In some states, it can be even easier: Inheritors can use a simple affidavit to claim assets. (An affidavit is a statement you sign in front of a notary, swearing something is true.) If you live in one of those states, you just have to wait a required period of time, then sign a simple, sworn statement that no probate proceeding is happening in your state and that you are the person entitled to inherit a particular asset--a bank account, for example. 

When you are trying to determine whether or not an estate's value is below the Massachusetts small estates limit, the first thing to do is make a list of the assets. A simple spreadsheet or list will do. Not everything a person owns counts, though. For this list, include only the things that pass to heirs and beneficiaries by will or, if there's no will, by Massachusetts intestacy laws, which determine who inherits if there is no will.

Don't count assets that are held in joint tenancy, retirement plans, payable-on-death (POD) bank accounts, real estate transferred by a transfer-on-death deed, or transfer-on-death brokerage accounts. These assets don't count towards the small estate limit because they pass to the named beneficiaries regardless of what a will (or state intestacy law) says. If a person had a life insurance policy with a named beneficiary, the insurance proceeds won't count either.

Some states also don't count the amount of money owed on a car, or a house, while others count the fair market value of an asset, even it is subject to a loan or a mortgage.
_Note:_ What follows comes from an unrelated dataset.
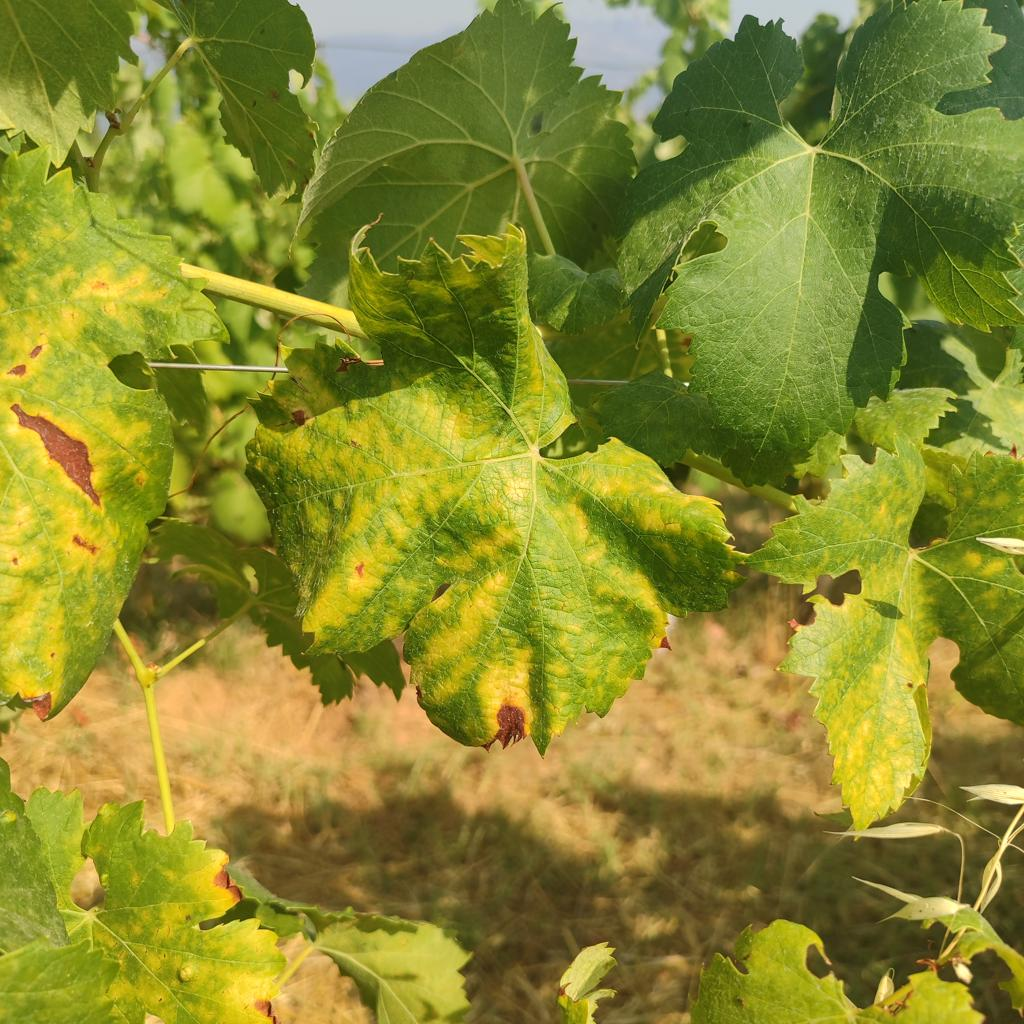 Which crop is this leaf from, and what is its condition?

grapevine, esca complex
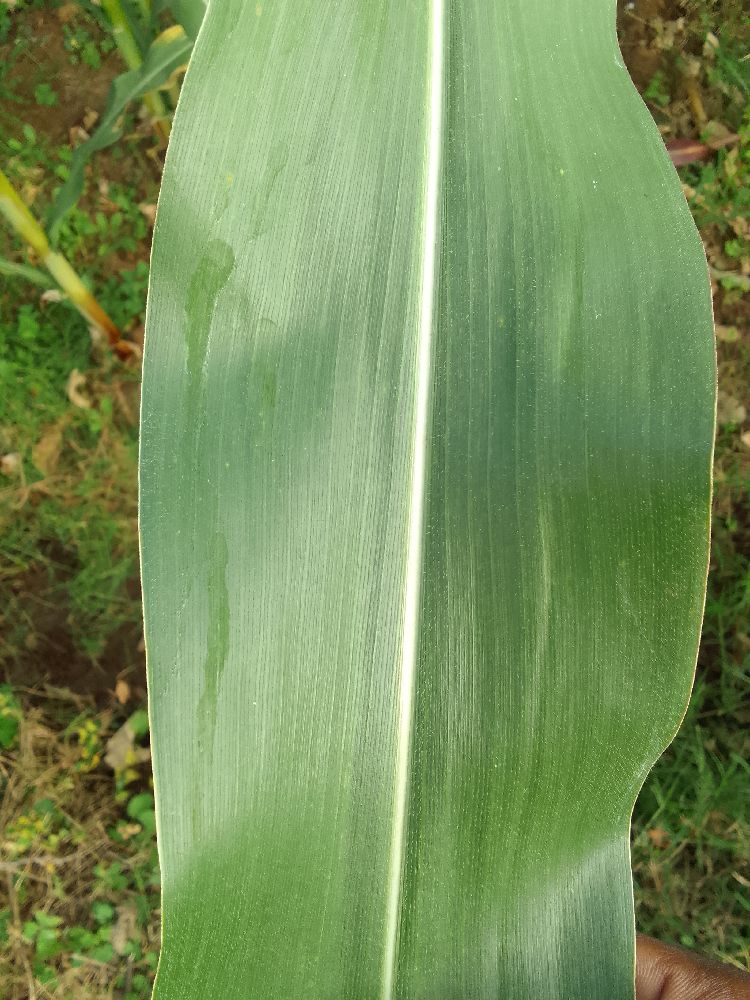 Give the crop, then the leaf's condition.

maize, healthy

For example, say Donald died in Massachusetts and owned the following assets:

  • A checking account with $2,345
  • A savings account with $2,567
  • A car with a blue book value of $6,500 (and no loan)
  • An IRA with $32,000, naming his son and daughter as beneficiaries
  • A life insurance policy worth $15,000, naming his son and daughter as beneficiaries

To figure out whether Donald is above or below Massachusetts's small estate limit, only the bank accounts and car would be counted, for a total of $11,412. His IRA and the life insurance proceeds aren't counted towards the limit because they will go to his beneficiaries directly. The value of the car is included because he doesn't owe money on it.

That means the value of Donald's estate is under the Massachusetts small estates limit. His son and daughter, who inherit his assets under Massachusetts's intestacy laws because Donald had no will, would follow this procedure:


In Massachusetts, there's no Affidavit procedure available for small estates. There is a summary probate procedure available for estates that have no real property and a value that is less than $25,000, plus the value of a vehicle. Interested persons must file a Will (if any), inventory of the assets and a list of heirs with the court, and offer to serve as a voluntary personal representative.

Mass. Gen. Laws Ann. ch 190B, 3-1201 and following.

You can also use a summary probate procedure for estates in which the value of the estate, less liens or encumbrances, doesn't exceed the homestead allowance, exempt property, family allowance, and costs of administration, funeral expenses, and last illness expenses.

Mass. Gen. Laws Ann. ch 190B, 3-1203, 1204.